# Power Trim Question.



## Brett (Jul 16, 2008)

Normal



> Maximum Tilt Range, 73° (-6° to 67°). Maximum Trim Range, 20° (-6° to 14°)


----------



## Frank_Sebastian (Oct 15, 2007)

I am not sure if I understand the problem. If it won't hold the setting in the trim range the by pass valve (screw) might not be tight or it could be leaking.

Frank_S


----------



## fishgitr (Feb 18, 2008)

when trimming the motor up at wot it goes up to a certian point and wont go past that point. it pushes its self back down. all screws and plugs are tight.


----------



## Brett (Jul 16, 2008)

As I posted before "Normal"

Trim functions when engine is running, to adjust thrust angle.
Tilt only has enough push to deal with a stopped outboard.
Trying to use tilt when in gear doesn't push any farther than the max trim angle.

That's why the option is called "Trim'n'Tilt"... 



> Maximum Tilt Range, 73° (-6° to 67°). Maximum Trim Range, 20° (-6° to 14°)


----------



## B.Lee (Apr 29, 2008)

That motor uses a single ram for both trim and tilt, and Brett's right on, the useable trim range is tough enough to lift the engine under power, but the tilt range is not.  You are simply reaching the top of the trim range.  

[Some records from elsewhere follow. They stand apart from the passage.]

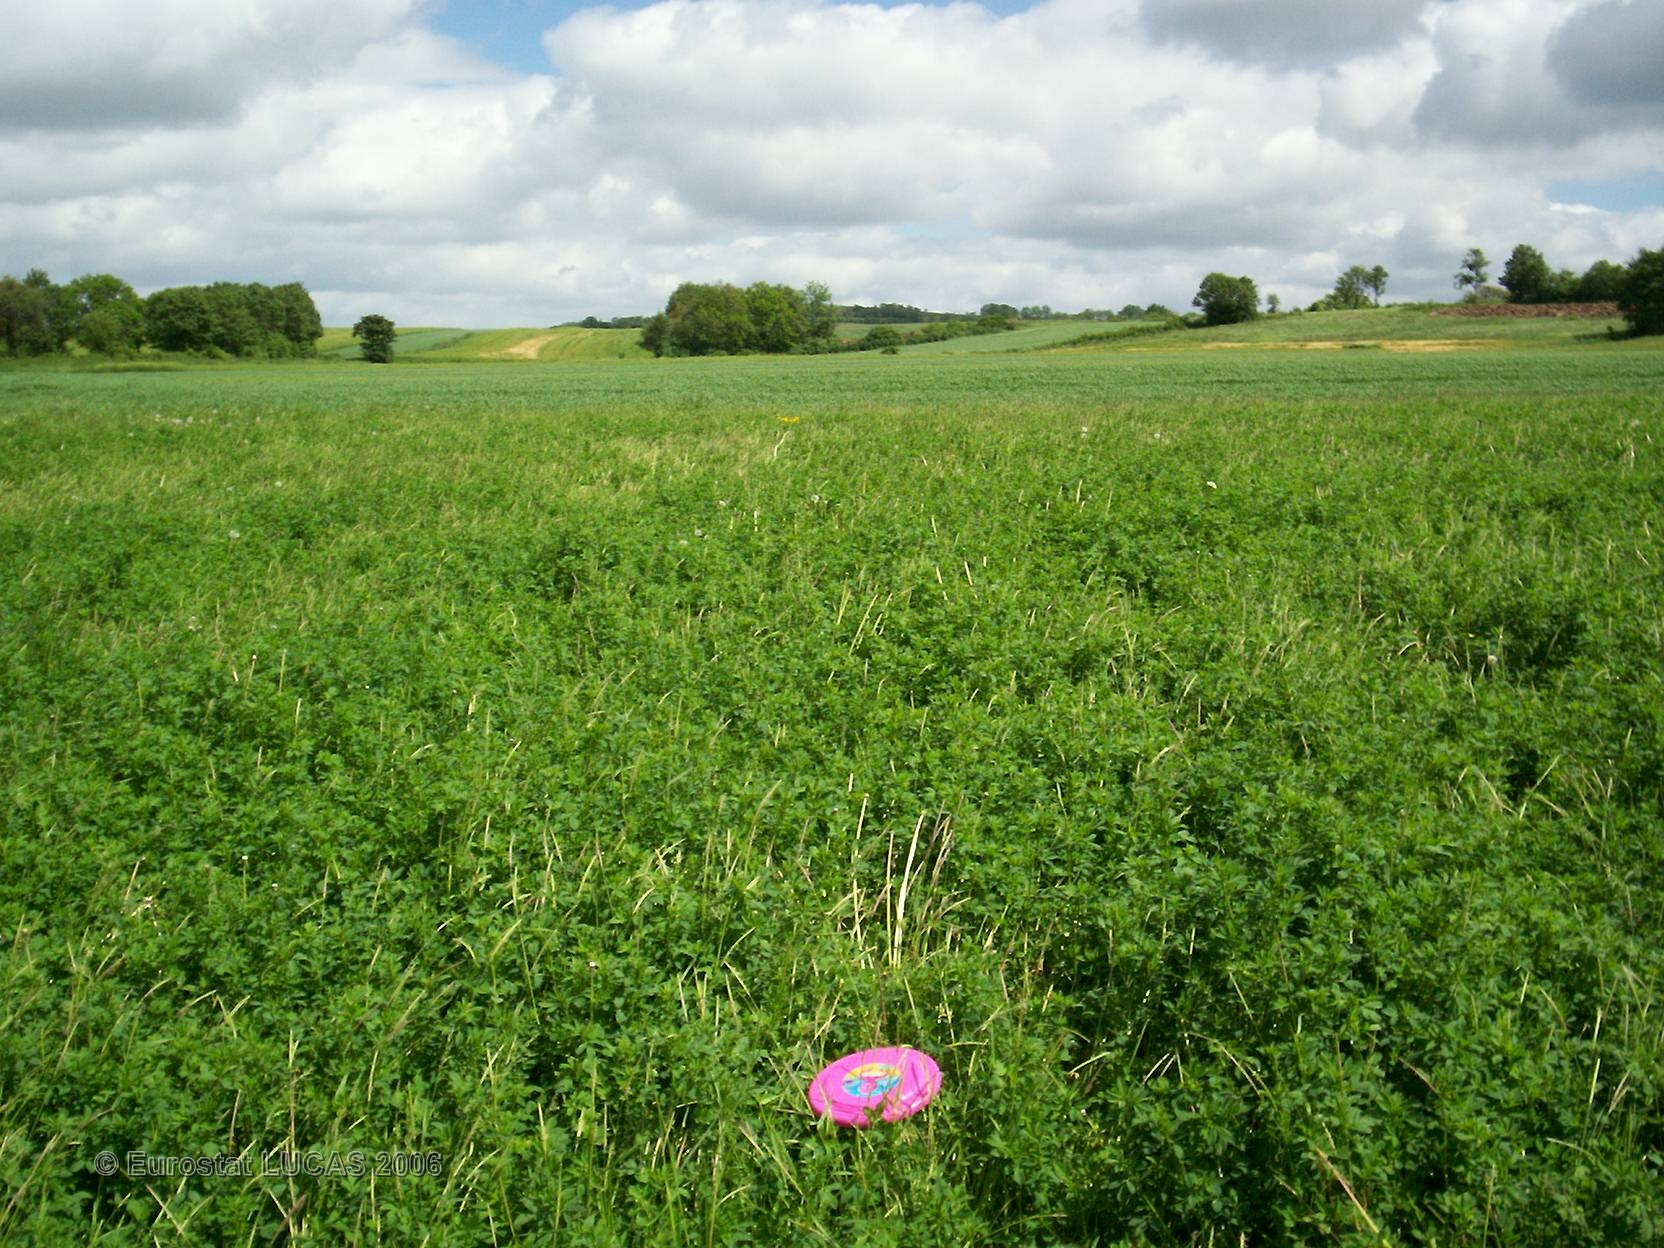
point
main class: Cropland
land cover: Lucerne
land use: Agriculture (excluding fallow land and kitchen gardens)
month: May
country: FR
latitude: 47.0471
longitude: 4.6431
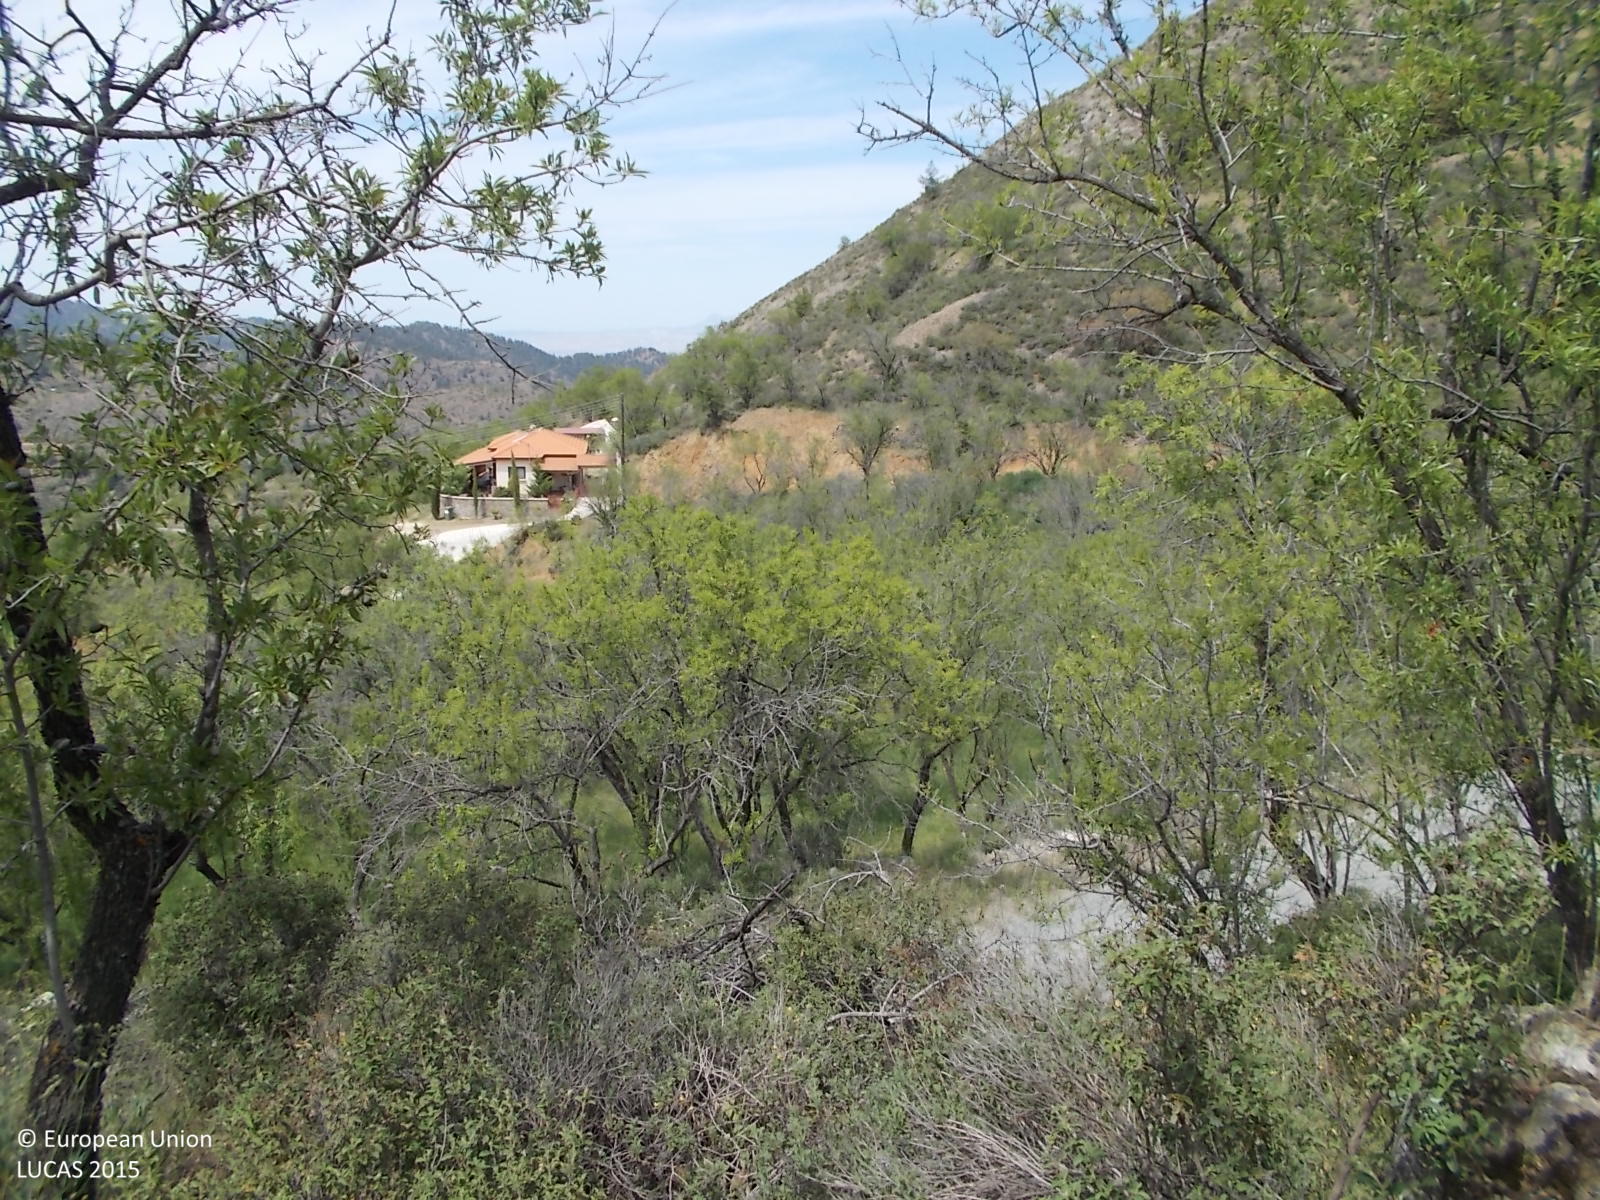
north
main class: Cropland
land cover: Nuts trees
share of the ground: > 75 %
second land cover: Grassland without tree/shrub cover
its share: > 75 %
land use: Abandoned areas
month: May
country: CY
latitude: 34.9449
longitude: 33.0700

With the engine off or not under power, it tilts up just fine, right?


----------



## fishgitr (Feb 18, 2008)

I wasnt doubting you Brett i just tried to reclarify. Sorry. Called Merc. and they said it was a safety feature. Thanks for the help and input. Guess im gonna have to raise the plate more to get it where i want it.


----------